Once we had established what would be included and what not, for instance car insurance, and would they look after our cats, eventually we decided this was ‘good to go’, as they say.
“Tropical Storm Rupert has the potential to turn into a hurricane and may head towards the coast of Florida and further east”; the radio murmured in the background as I put the final items into the suitcase and I rue the day that that particular news item didn’t register, didn’t have me reaching for a map. Instead we simply locked the house front door and headed to the airport.
We flew into Nassau in the Bahamas a few hours late and found our little aeroplane that would take us out to the island. A friendly customs official informed us that, although Tropical Storm Rupert had not developed into a hurricane as forecast, the west coast had suffered a very small tidal surge 12 hours before; a certain amount of damage had occurred. We gulped as we recalled that our villa was on that side, but the sun was shining and we hoped our ‘seashore villa’ would be intact.

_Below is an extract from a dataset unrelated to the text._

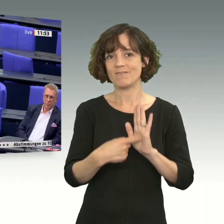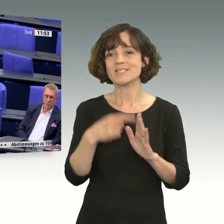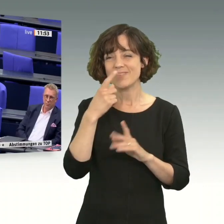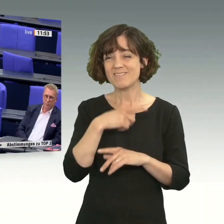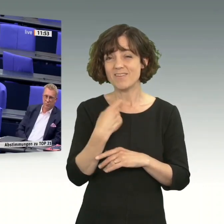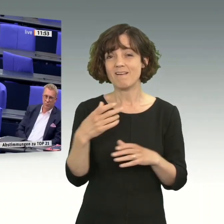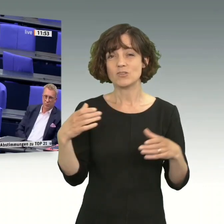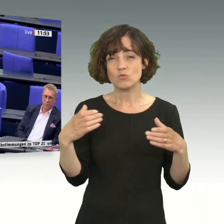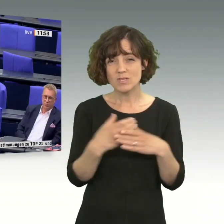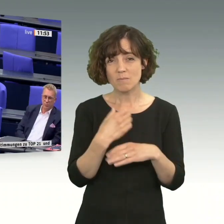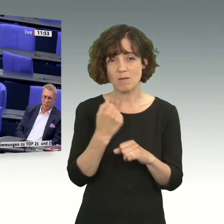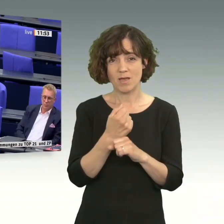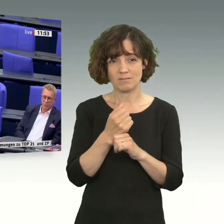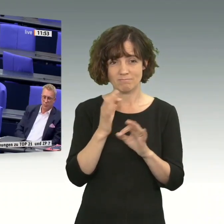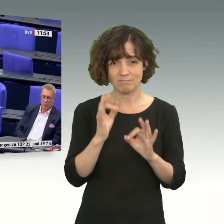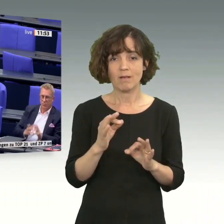einem Strang ziehen, dann können wir...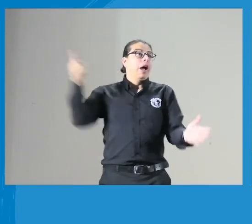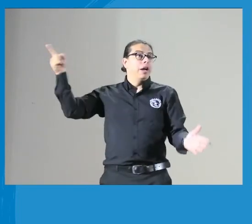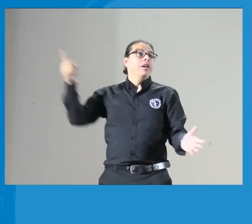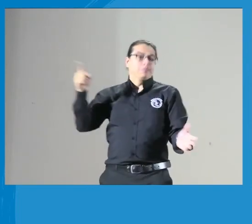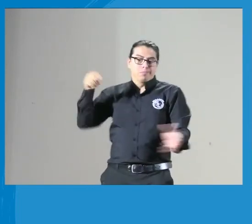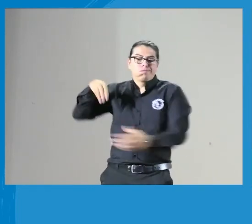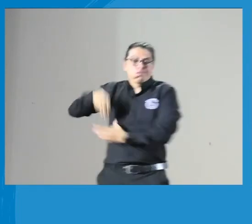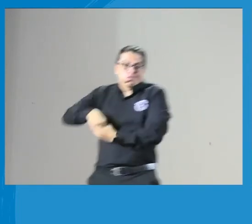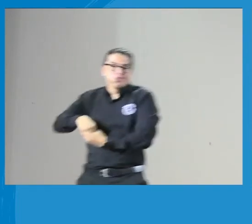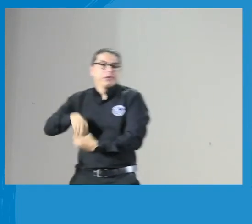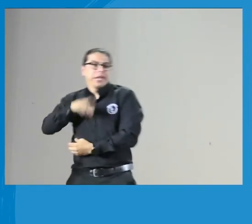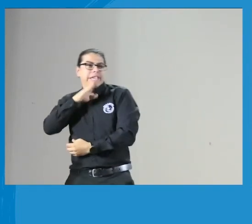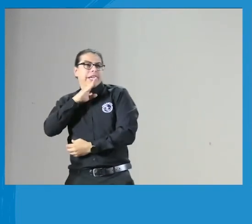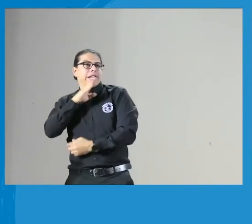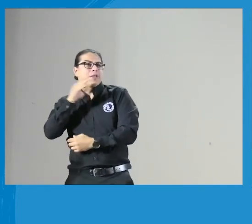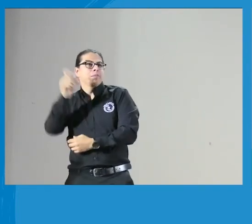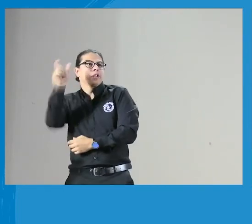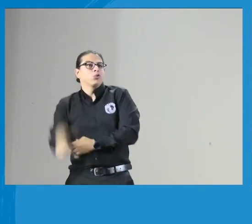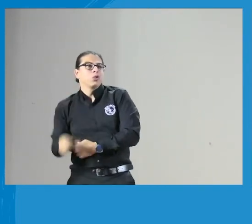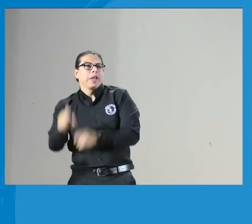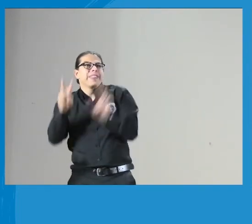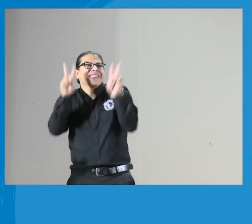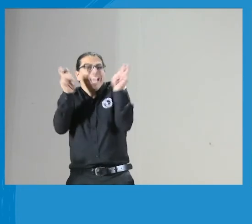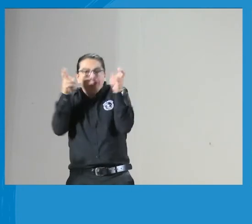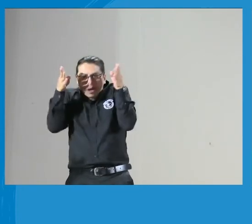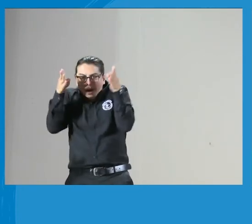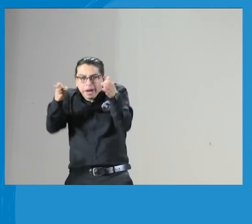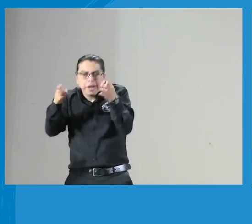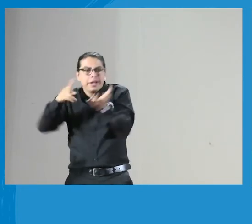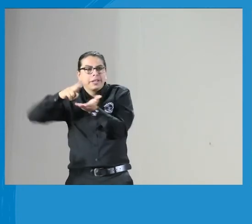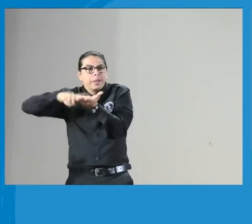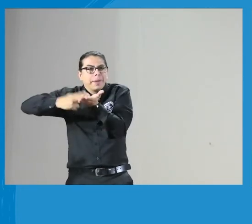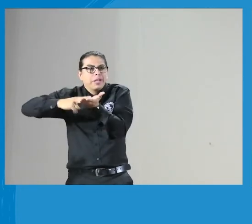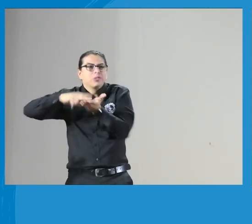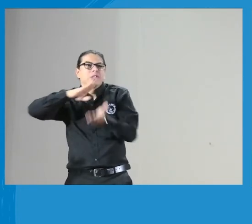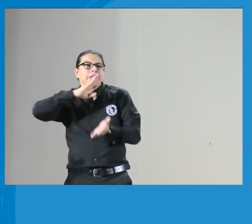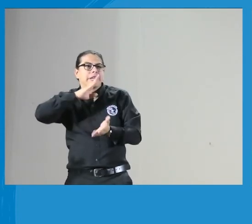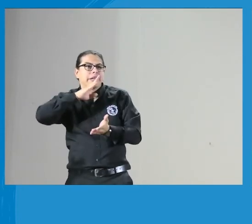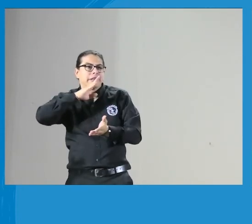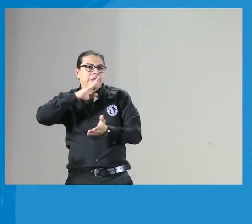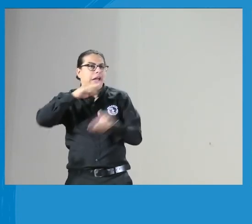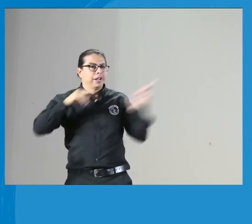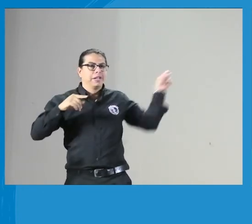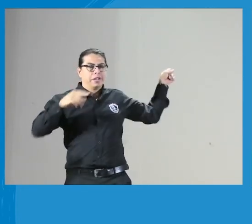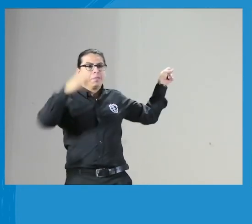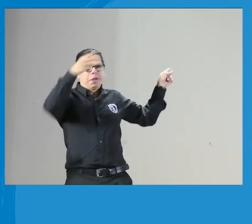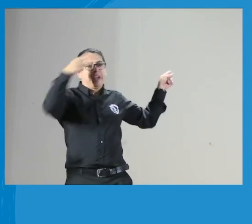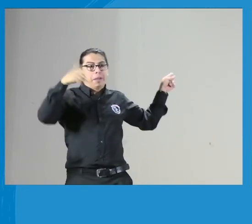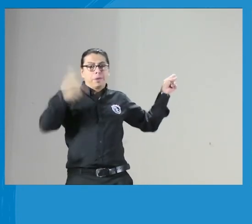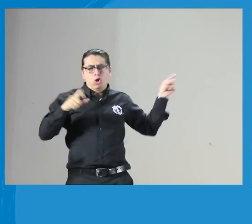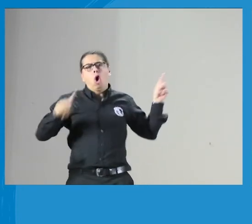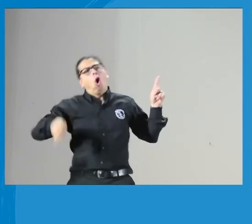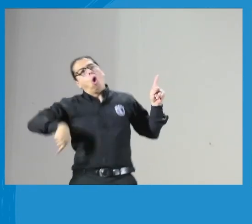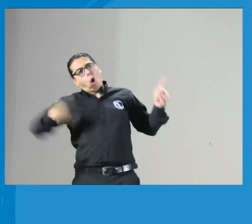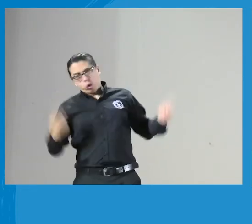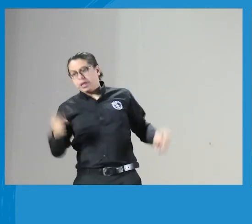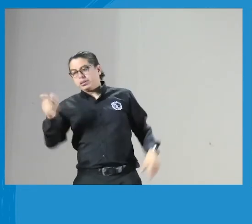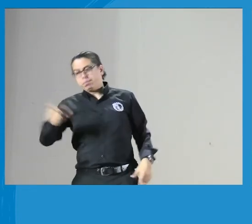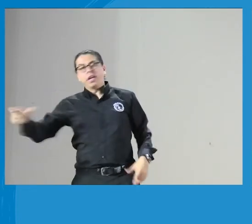mejorar en todo el tema de la comunicación de las personas sordas y margarita fue la persona que estuvo a cargo

On landing, a taxi took us on our way and we looked expectantly around every bend on the road, glancing down at a photograph of the villa and trying to identify it.
“Oh! No!”

We both shrieked, for there it was ….. in a very sorry state …… a corner of the tiled roof had been torn off, the sea-side of the house was missing six feet, two of the supports for the decking had been washed away leaving it at a crazy angle and a palm tree lent drunkenly across the carport. Fortunately the taxi driver was able to suggest a couple of local hotels and, after a few telephone calls, we found a more suitable location for our two weeks in the tropical sun.
“Oh well” we thought; at least David and Ted will have a great time in Clapham.
(Over in London )
“Look! Here it is, No 11 Elms Road” exclaimed David to his husband Ted, as they peered out of the cab at the wide Victorian mid-terraced house. It sort-of looked like the photos Annie and Mike had sent us – but we glanced up and down the street and realised they all looked the same.

The keys are under the flower pot. We lifted the edge of the pot, found some house keys, and opened the front door. It was much as we expected although in our mind’s eye the decoration was a little different. And where were the cats, we thought? We had been there an hour when we were startled to hear a key being put in the front door lock ……
We had got confused between ‘Elms Road’ and ‘Elms Row”. Thirty minutes later, as we were unpacking in the right house, David’s mobile rang.
“David. It’s Mike in The Bahamas. I am afraid I have some very bad news …..”
It was attributed to Mike Palette. Sort of puts you off doing something like this, doesn’t it?
Richard 12th August 2022
PS In this Tuesday’s Times a news story about The Bahamas and a shark attack!!

Note 1 My mother and step-father almost got sucked into investing in a Time Share apartment in the Algarve, such was their popularity in the 1980s; fortunately they decided against it. And then, a year after I moved to London in 1987 I spent an evening off Leicester Square in London, listening to a very polished ‘Time Share’ sale’s pitch. I had actually gone for the amusement and to take away the ‘Silver Tea Set’ – available with no commitment! It wouldn’t have lasted 2 days of use!
Note 2 Somehow reading this I know something bad’s going to happen!